Your task →
Print verbatim the opening line of the material and every subsequent line through the one containing "[0:00.0-0:08.0]".

Recorded information →
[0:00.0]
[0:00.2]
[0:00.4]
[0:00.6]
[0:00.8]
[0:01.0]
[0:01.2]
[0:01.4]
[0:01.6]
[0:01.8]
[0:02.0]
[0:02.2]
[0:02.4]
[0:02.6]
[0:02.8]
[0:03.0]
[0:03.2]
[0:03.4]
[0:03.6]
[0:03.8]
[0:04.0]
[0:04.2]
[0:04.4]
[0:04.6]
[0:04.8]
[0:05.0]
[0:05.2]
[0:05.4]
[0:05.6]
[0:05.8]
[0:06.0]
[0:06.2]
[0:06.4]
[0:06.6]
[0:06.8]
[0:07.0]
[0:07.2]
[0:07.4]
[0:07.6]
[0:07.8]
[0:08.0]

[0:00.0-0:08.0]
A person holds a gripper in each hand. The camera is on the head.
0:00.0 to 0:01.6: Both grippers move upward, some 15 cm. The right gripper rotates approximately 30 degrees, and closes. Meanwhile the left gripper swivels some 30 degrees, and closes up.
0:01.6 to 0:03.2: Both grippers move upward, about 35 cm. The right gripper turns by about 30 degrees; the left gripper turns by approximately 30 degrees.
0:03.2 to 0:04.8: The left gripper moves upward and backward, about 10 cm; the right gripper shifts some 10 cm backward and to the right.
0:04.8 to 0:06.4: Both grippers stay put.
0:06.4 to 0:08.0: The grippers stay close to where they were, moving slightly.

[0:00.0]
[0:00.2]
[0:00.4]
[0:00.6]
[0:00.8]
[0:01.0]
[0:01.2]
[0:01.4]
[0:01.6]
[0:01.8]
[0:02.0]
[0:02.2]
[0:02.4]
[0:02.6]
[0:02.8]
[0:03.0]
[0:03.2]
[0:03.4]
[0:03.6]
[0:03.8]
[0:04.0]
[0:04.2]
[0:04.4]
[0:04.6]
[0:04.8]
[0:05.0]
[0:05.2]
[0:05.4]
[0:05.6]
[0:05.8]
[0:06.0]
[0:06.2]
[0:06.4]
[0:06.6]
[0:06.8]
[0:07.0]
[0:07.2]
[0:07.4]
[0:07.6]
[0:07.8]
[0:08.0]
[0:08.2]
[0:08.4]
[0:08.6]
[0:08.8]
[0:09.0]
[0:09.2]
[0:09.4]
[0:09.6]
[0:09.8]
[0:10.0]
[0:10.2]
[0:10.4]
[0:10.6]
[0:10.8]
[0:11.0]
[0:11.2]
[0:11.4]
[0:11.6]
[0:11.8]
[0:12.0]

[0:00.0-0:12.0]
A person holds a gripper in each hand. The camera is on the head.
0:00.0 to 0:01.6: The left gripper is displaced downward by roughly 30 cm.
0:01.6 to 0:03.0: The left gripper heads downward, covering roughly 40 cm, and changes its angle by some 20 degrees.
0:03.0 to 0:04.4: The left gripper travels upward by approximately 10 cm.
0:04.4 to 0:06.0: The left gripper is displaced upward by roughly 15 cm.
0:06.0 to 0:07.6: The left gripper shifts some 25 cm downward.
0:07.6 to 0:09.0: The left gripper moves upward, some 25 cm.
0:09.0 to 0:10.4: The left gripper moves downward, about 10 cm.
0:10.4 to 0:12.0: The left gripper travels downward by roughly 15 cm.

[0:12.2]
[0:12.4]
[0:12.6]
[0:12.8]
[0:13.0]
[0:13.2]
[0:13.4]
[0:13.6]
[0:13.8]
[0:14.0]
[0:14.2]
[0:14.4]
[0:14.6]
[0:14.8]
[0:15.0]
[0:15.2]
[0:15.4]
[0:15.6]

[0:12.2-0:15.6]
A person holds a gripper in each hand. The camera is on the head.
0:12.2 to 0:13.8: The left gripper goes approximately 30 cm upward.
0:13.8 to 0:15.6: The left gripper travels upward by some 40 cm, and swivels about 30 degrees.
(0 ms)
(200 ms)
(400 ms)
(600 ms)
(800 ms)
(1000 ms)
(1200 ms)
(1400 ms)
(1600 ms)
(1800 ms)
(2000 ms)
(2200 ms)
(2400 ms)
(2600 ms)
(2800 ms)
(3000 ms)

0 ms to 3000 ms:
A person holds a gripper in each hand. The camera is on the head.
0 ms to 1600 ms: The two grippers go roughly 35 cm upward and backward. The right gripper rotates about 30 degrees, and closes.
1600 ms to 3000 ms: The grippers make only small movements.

Solution for this exercise →
[0:00.0]
[0:00.2]
[0:00.4]
[0:00.6]
[0:00.8]
[0:01.0]
[0:01.2]
[0:01.4]
[0:01.6]
[0:01.8]
[0:02.0]
[0:02.2]
[0:02.4]
[0:02.6]
[0:02.8]
[0:03.0]
[0:03.2]
[0:03.4]
[0:03.6]
[0:03.8]
[0:04.0]
[0:04.2]
[0:04.4]
[0:04.6]
[0:04.8]
[0:05.0]
[0:05.2]
[0:05.4]
[0:05.6]
[0:05.8]
[0:06.0]
[0:06.2]
[0:06.4]
[0:06.6]
[0:06.8]
[0:07.0]
[0:07.2]
[0:07.4]
[0:07.6]
[0:07.8]
[0:08.0]

[0:00.0-0:08.0]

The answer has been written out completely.